Mike Smith, the executive director of the Security Council’s Counterterrorism Committee Executive Directorate, is to be reappointed to a six-month term through June as a search for his successor begins, he confirmed with PassBlue.
Smith would not say whether he wanted to extend his term for a longer period, but he noted that he intended to return to Australia, his home country, to attend to “personal and professional projects” in the international arena. Smith is originally from Adelaide, but he will be returning to Sydney to live. The committee’s press officer said that the United Nations secretary-general’s office would make an announcement about a successor, but Smith said that no one, to his knowledge, has been identified as a likely candidate so far.
Smith, 63, came to the post in 2007 with experience as his country’s ambassador for counterterrorism as well as ambassador to the UN in Geneva and to the Conference on Disarmament from 2002-2006. He has also been ambassador to Algeria, Egypt, Sudan and Tunisia. Smith has been popular with the Security Council – no small burden. He had replaced Javier Rupérez, a former ambassador of Spain to Washington, D.C., who is said to have ruffled feathers.
The executive directorate is part of a vast UN hydra; that is, the 31 organizations that form the Counterterrorism Implementation Task Force, set up in 2005 to deal with the issue across the UN system.
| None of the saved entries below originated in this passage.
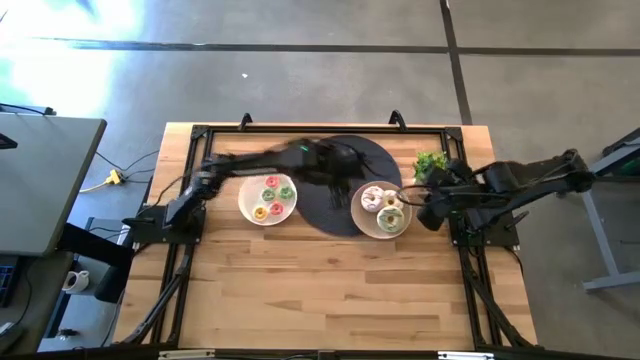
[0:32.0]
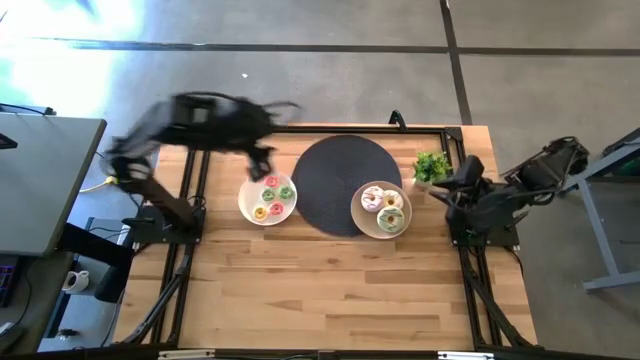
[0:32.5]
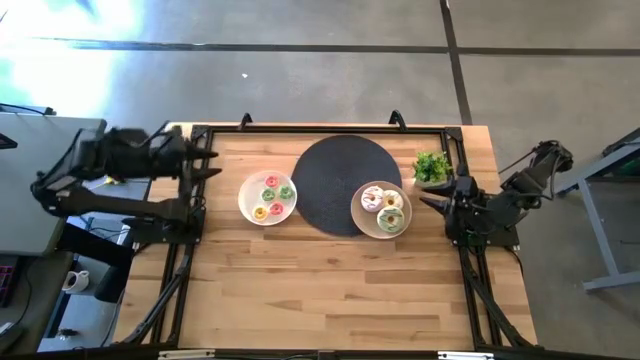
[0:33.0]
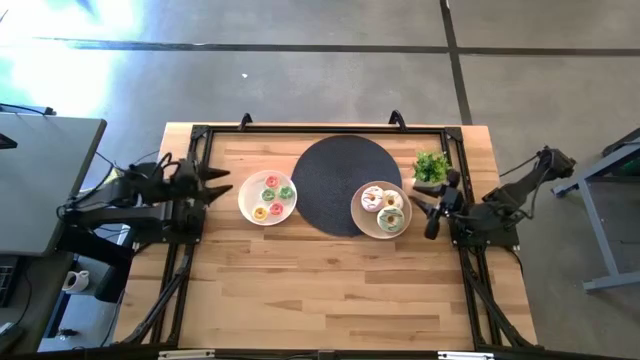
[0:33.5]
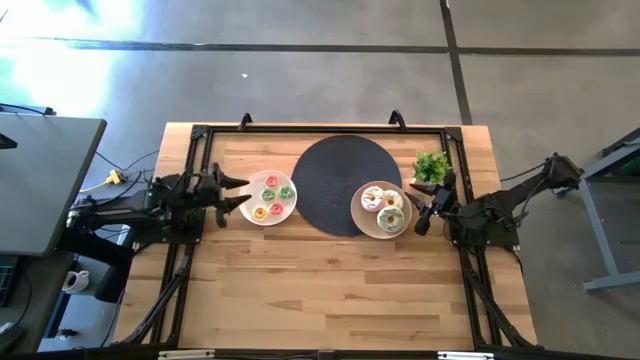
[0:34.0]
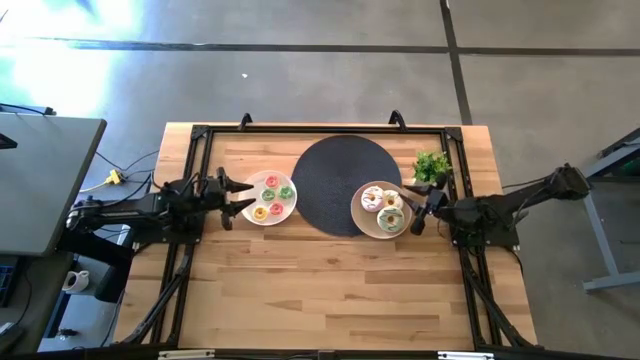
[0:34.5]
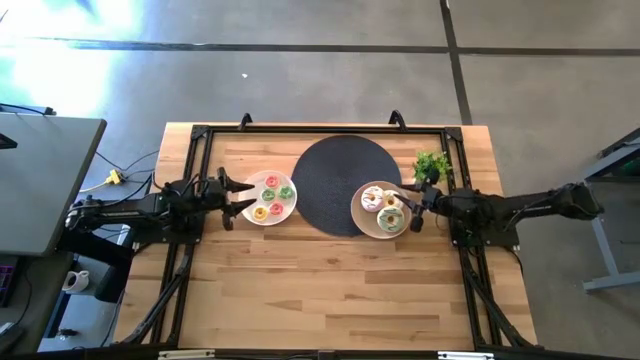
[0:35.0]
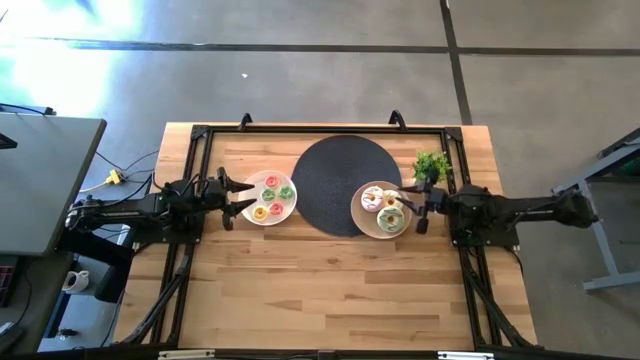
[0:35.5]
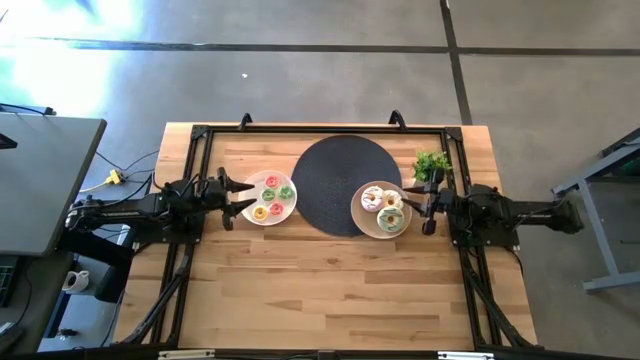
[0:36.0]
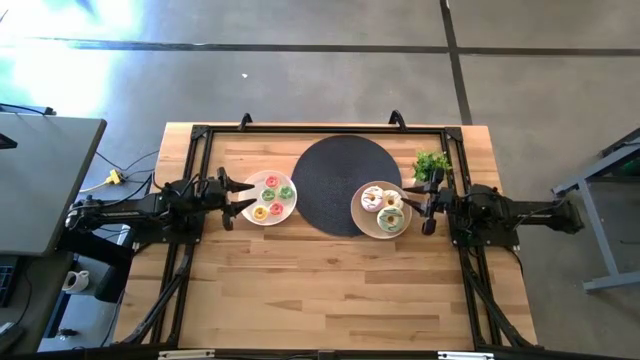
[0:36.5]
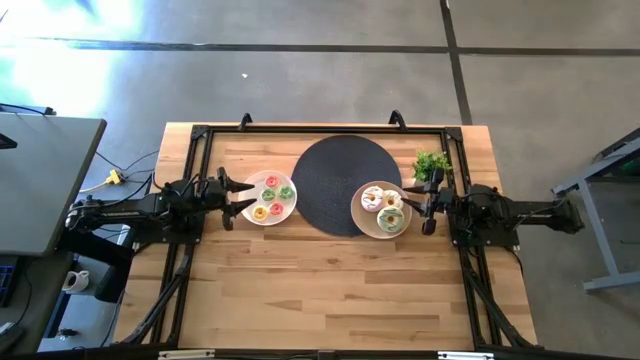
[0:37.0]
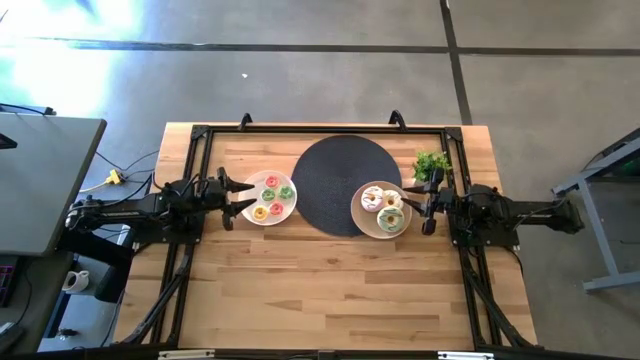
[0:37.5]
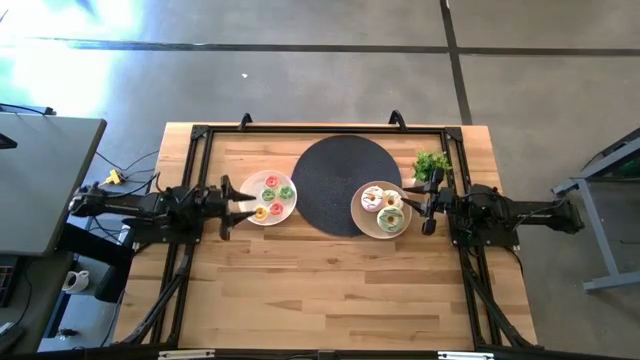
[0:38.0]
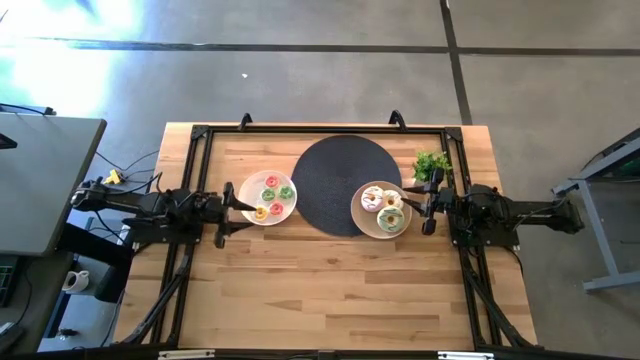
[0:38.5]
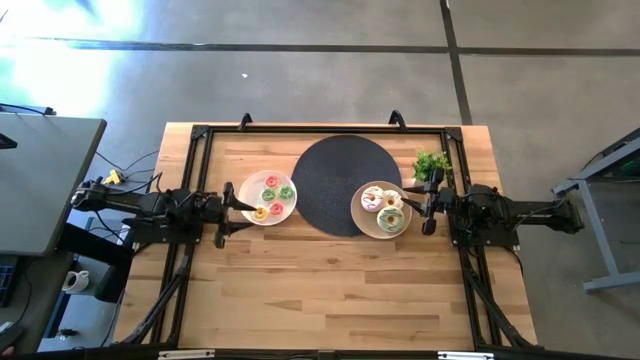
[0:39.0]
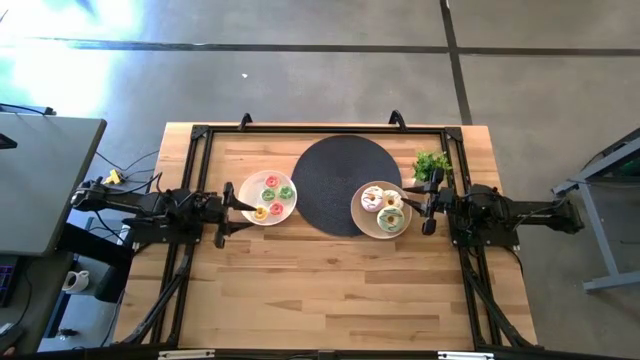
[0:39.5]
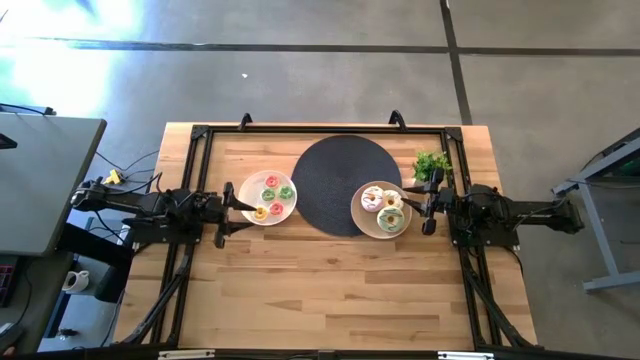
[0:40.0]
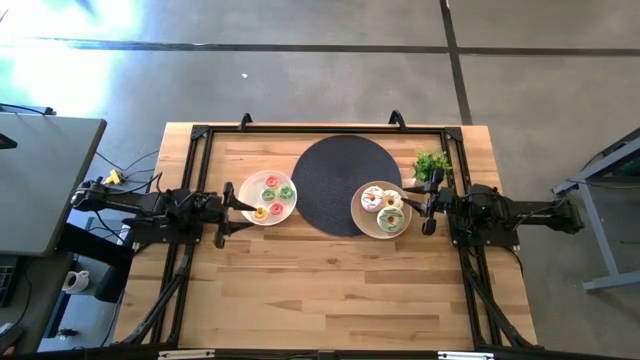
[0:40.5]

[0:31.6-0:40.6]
Task: Pick & Place donuts
Return to Home Position

The Security Council committee that Smith helps run is the primary subsidiary organ in that body countering terrorism, tasked mainly with monitoring, outreach and field visits.
“It’s a big job,” said Peter Romaniuk, the assistant director of the Ralph Bunche Institute for International Studies at CUNY (of which PassBlue is a project) and a counterterrorism expert. Smith’s job required “deft diplomatic skills,” and he “reached out to as many as he could” in his work in the council and the rest of the UN, “minimizing politics and maximizing substance” and getting consensus to improve the “multilateral impact on counterterrorism.”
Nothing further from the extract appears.